The only reason I know we’re using a custom kernel is because our former Linux guy told me so. Never recompiled a kernel before but I have a cursory grasp of what’s involved.
Former coworker’s linux laptop has a folder named “Robert C Nelson” that contains what seems to be the custom kernel mod to fix the UART speed issue. I’ll start poking around in there to see if I can figure it all out.
And yes, that does help. I do appreciate it, thanks for your patience.
RCN’s kernel is the kernel source that I am using as well. If you change into that directory, you can run a rebuild script by typing “tools/rebuild.sh”. Invoking that script automatically pops up a window showing all the kernel config parameters. The number of parameters and finding the exact ones to match what I listed above is rather daunting. What I recommend is to view the default kernel config file and check if you are using the same config as me (probably not). default config file should be named “defconfig” and should be stored within the patches directory.
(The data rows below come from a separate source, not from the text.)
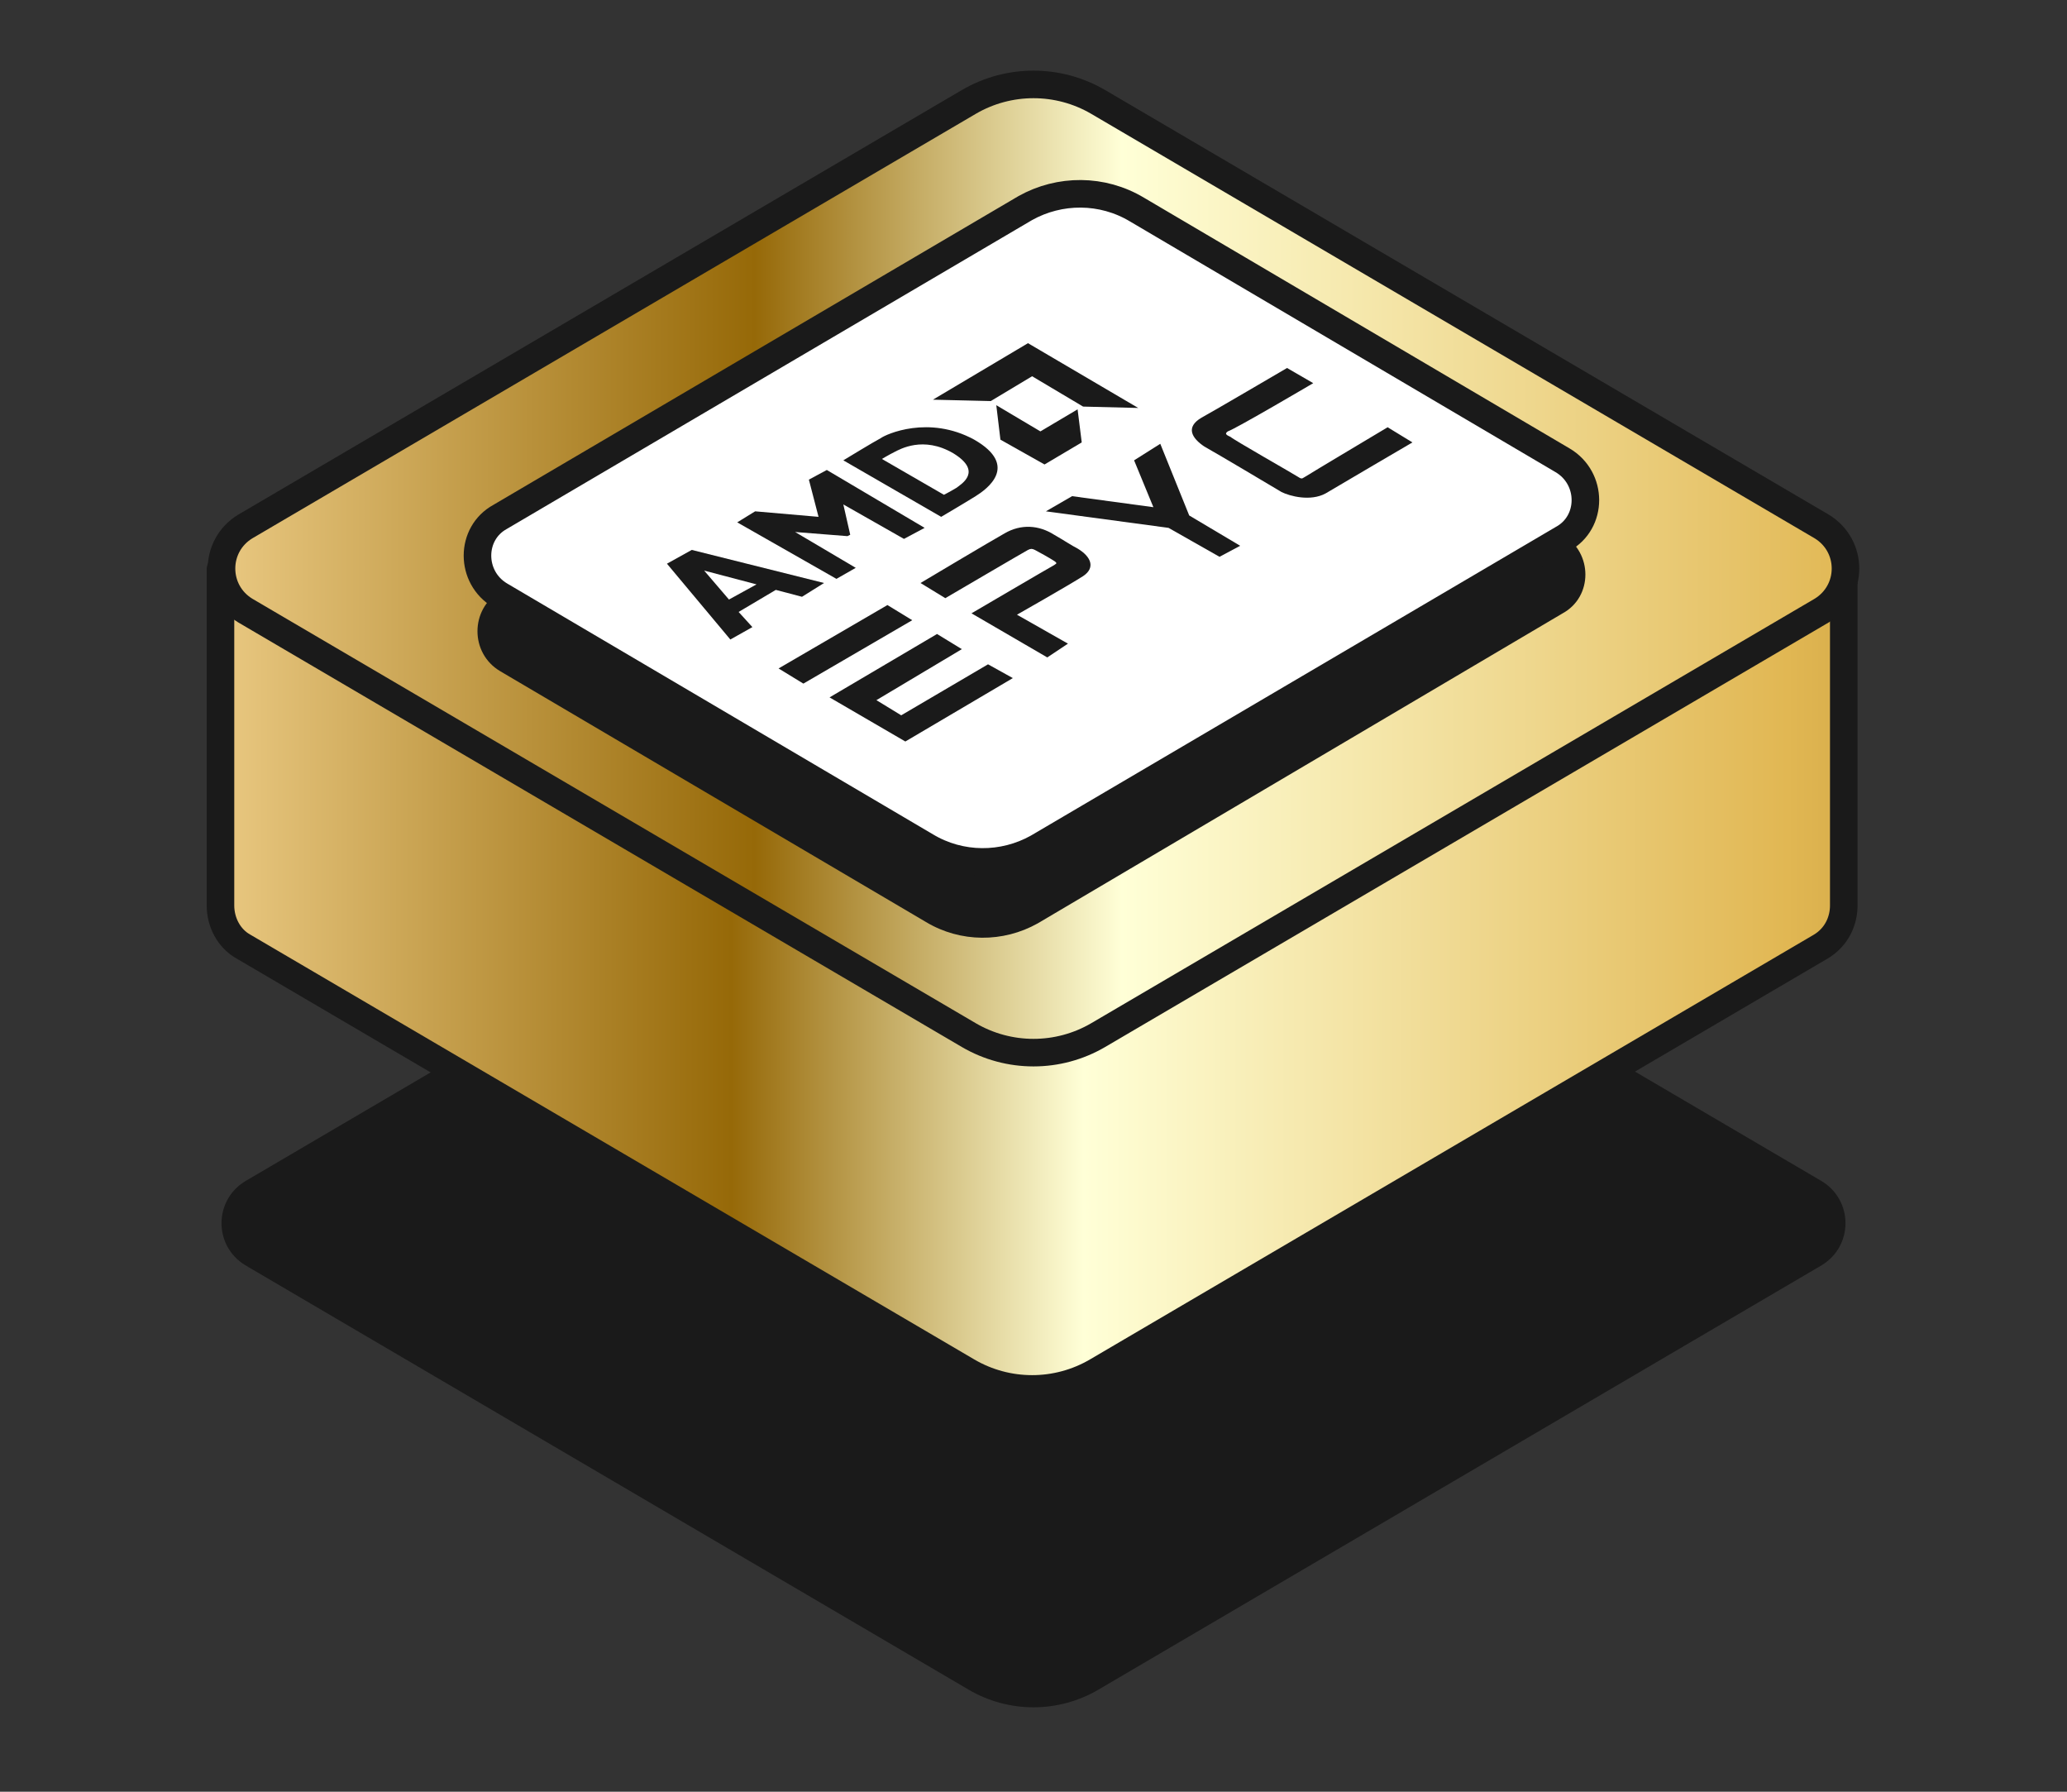 <?xml version="1.0" encoding="utf-8"?>
<!-- Generator: Adobe Illustrator 24.3.0, SVG Export Plug-In . SVG Version: 6.00 Build 0)  -->
<svg version="1.1" id="Layer_1" xmlns="http://www.w3.org/2000/svg" xmlns:xlink="http://www.w3.org/1999/xlink" x="0px" y="0px"
	 viewBox="0 0 150 130" style="enable-background:new 0 0 150 130;" xml:space="preserve">
<rect x="0" y="0" width="150" height="130" fill="#333333" stroke="none"/>
<style type="text/css">
	.st0{fill:#1A1A1A;}
	.st1{fill:url(#SVGID_1_);stroke:#1A1A1A;stroke-width:2;stroke-linecap:round;stroke-linejoin:round;stroke-miterlimit:10;}
	.st2{fill:url(#SVGID_2_);stroke:#1A1A1A;stroke-width:2;stroke-linecap:round;stroke-linejoin:round;stroke-miterlimit:10;}
	.st3{fill:#FFFFFF;stroke:#1A1A1A;stroke-width:2;stroke-linecap:round;stroke-linejoin:bevel;stroke-miterlimit:10;}
</style>
<g>
	<path class="st0" d="M70.3,122.6L17.8,91.8c-2.3-1.4-2.3-4.7,0-6.1l52.5-30.8c2.9-1.7,6.5-1.7,9.4,0l52.5,30.8
		c2.3,1.4,2.3,4.7,0,6.1l-52.5,30.8C76.8,124.3,73.2,124.3,70.3,122.6z"/>
	<linearGradient id="SVGID_1_" gradientUnits="userSpaceOnUse" x1="16.039" y1="65.637" x2="290.576" y2="65.637">
		<stop  offset="0" style="stop-color:#E9C881"/>
		<stop  offset="0.135" style="stop-color:#966908"/>
		<stop  offset="0.228" style="stop-color:#FFFFD7"/>
		<stop  offset="0.414" style="stop-color:#E1B753"/>
		<stop  offset="0.519" style="stop-color:#A77D20"/>
		<stop  offset="0.635" style="stop-color:#F1C669"/>
		<stop  offset="0.772" style="stop-color:#996800"/>
		<stop  offset="0.885" style="stop-color:#F3E1A1"/>
		<stop  offset="1" style="stop-color:#946A0E"/>
	</linearGradient>
	<path class="st1" d="M95.8,41.3l-16.2-9.5c-2.9-1.7-6.5-1.7-9.4,0l-16.2,9.5H16v24.4l0,0c0,1.2,0.6,2.4,1.7,3l52.5,30.8
		c2.9,1.7,6.5,1.7,9.4,0l52.5-30.8c1.2-0.7,1.7-1.9,1.7-3V41.3H95.8z"/>
	<linearGradient id="SVGID_2_" gradientUnits="userSpaceOnUse" x1="16.039" y1="41.251" x2="302.738" y2="41.251">
		<stop  offset="0" style="stop-color:#E9C881"/>
		<stop  offset="0.135" style="stop-color:#966908"/>
		<stop  offset="0.228" style="stop-color:#FFFFD7"/>
		<stop  offset="0.414" style="stop-color:#E1B753"/>
		<stop  offset="0.519" style="stop-color:#A77D20"/>
		<stop  offset="0.635" style="stop-color:#F1C669"/>
		<stop  offset="0.772" style="stop-color:#996800"/>
		<stop  offset="0.885" style="stop-color:#F3E1A1"/>
		<stop  offset="1" style="stop-color:#946A0E"/>
	</linearGradient>
	<path class="st2" d="M70.3,75.1L17.8,44.3c-2.3-1.4-2.3-4.7,0-6.1L70.3,7.4c2.9-1.7,6.5-1.7,9.4,0l52.5,30.8c2.3,1.4,2.3,4.7,0,6.1
		L79.7,75.1C76.8,76.8,73.2,76.8,70.3,75.1z"/>
	<g>
		<g>
			<path class="st0" d="M36.3,42.9l38.1-22.4c2.5-1.4,5.6-1.4,8.1,0.1l30.9,18.2c2.2,1.3,2.2,4.5,0,5.7L75.3,67
				c-2.5,1.4-5.6,1.4-8.1-0.1L36.3,48.7C34.1,47.4,34.1,44.2,36.3,42.9z"/>
		</g>
		<g>
			<path class="st3" d="M36.3,37.5l38.1-22.4c2.5-1.4,5.6-1.4,8.1,0.1l30.9,18.2c2.2,1.3,2.2,4.5,0,5.7L75.3,61.5
				c-2.5,1.4-5.6,1.4-8.1-0.1L36.3,43.2C34.1,41.9,34.1,38.7,36.3,37.5z"/>
		</g>
	</g>
	<g>
		<g>
			<g>
				<g>
					<polygon class="st0" points="56.5,48.5 64.4,43.9 66.2,45 58.3,49.6 					"/>
					<polygon class="st0" points="60.2,50.6 68,46 69.8,47.1 63.6,50.8 65.4,51.9 71.7,48.2 73.5,49.2 65.7,53.8 					"/>
					<path class="st0" d="M76,47.7l-5.5-3.2c0,0,5.8-3.4,6-3.5c0.1-0.1,0.3-0.1,0-0.3s-1.2-0.7-1.4-0.8c-0.2-0.1-0.3-0.1-0.5,0
						s-6,3.5-6,3.5l-1.8-1.1c0,0,5.2-3.1,6.1-3.6c1.2-0.7,2.5-0.6,3.6,0.1c0.7,0.4,1.3,0.8,1.7,1c1,0.6,1.3,1.4,0.4,2
						c-1.1,0.7-4.8,2.8-4.8,2.8l3.7,2.1L76,47.7L76,47.7z"/>
					<polygon class="st0" points="75.9,37.1 84.8,38.3 88.5,40.4 90,39.6 86.3,37.4 84.2,32.2 82.3,33.4 83.7,36.8 77.8,36 					"/>
					<path class="st0" d="M95.3,27.8l-1.9-1.1c0,0-5.8,3.4-6.2,3.6c-1.2,0.7-0.7,1.5,0.2,2.1c0.9,0.5,5.1,3,5.6,3.3
						c0.6,0.3,2.1,0.7,3.2,0.1c1-0.6,6.3-3.7,6.3-3.7l-1.8-1.1c0,0-5.7,3.4-6,3.6c-0.2,0.1-0.2,0.2-0.5,0c-0.3-0.2-4.7-2.7-4.9-2.9
						c-0.2-0.1-0.5-0.2-0.2-0.4C89.7,31.1,95.3,27.8,95.3,27.8z"/>
				</g>
			</g>
		</g>
		<g>
			<g>
				<g>
					<path class="st0" d="M50.2,39.9l-1.8,1l4.6,5.5l1.6-0.9l-1-1.1l2.7-1.6l1.9,0.5l1.6-1L50.2,39.9z M52.9,43.5l-1.8-2.1l3.8,1
						L52.9,43.5z"/>
					<polygon class="st0" points="60.7,42 53.5,37.9 54.8,37.1 59.4,37.5 58.7,34.8 60,34.1 67.1,38.3 65.6,39.1 61.2,36.6 
						61.7,38.8 61.5,38.9 57.7,38.6 62.1,41.2 					"/>
					<path class="st0" d="M63.9,31.8c-0.4,0.2-2.7,1.6-2.7,1.6l7.1,4.1c0,0,1.7-1,2.5-1.5c0.8-0.5,3.2-2.2-0.1-4.1
						C67.4,30.1,64.3,31.5,63.9,31.8z M69.4,35.4c-0.5,0.3-0.9,0.5-0.9,0.5L64,33.3c0,0,0.5-0.3,0.9-0.5c0.4-0.2,2.1-1.2,4.3,0.1
						C71.3,34.2,69.8,35.1,69.4,35.4z"/>
					<polygon class="st0" points="72.6,31.9 75.8,33.7 78.5,32.1 78.2,29.7 75.5,31.3 72.3,29.4 					"/>
					<polygon class="st0" points="67.7,29 74.6,24.9 82.6,29.6 78.6,29.5 74.9,27.3 71.9,29.1 					"/>
				</g>
			</g>
		</g>
	</g>
</g>
</svg>

Never mind any of the stuff I previously mentioned regarding changing of the kernel config parameters. The problem is rooted in my original comment about the c_can driver. There is a patch that exists that solves this problem. Unfortunately, it was inserted into the mainline kernel stream later than the 3.8+ branch we are using on BeagleBone Black; and therefore, the fix is not included in our kernel source. Take a look at this:
If you have acquainted yourself with building the kernel for BBB, I would suggest manually editing that c_can.c file with the changes shown in the link above, rebuilding, and re-installing. That should fix your problem. It did for me.
Hello, thanks for your reply, is there another way (more simple than rebuilt) for this fix ?
Hereunder trace with another problem with mysql :
(Linux BBB4 3.8.13-bone50 #1 SMP Tue May 13 13:24:52 UTC 2014 armv7l GNU/Linux)
If you are using the CAN device and the c_can driver, then implementing the kernel mod and re-building/re-installing would seem to be your only option.
If you need to use CAN and can use a USB-to-CAN adapter, or some other serial-to-CAN adapter, then maybe you could get around this problem.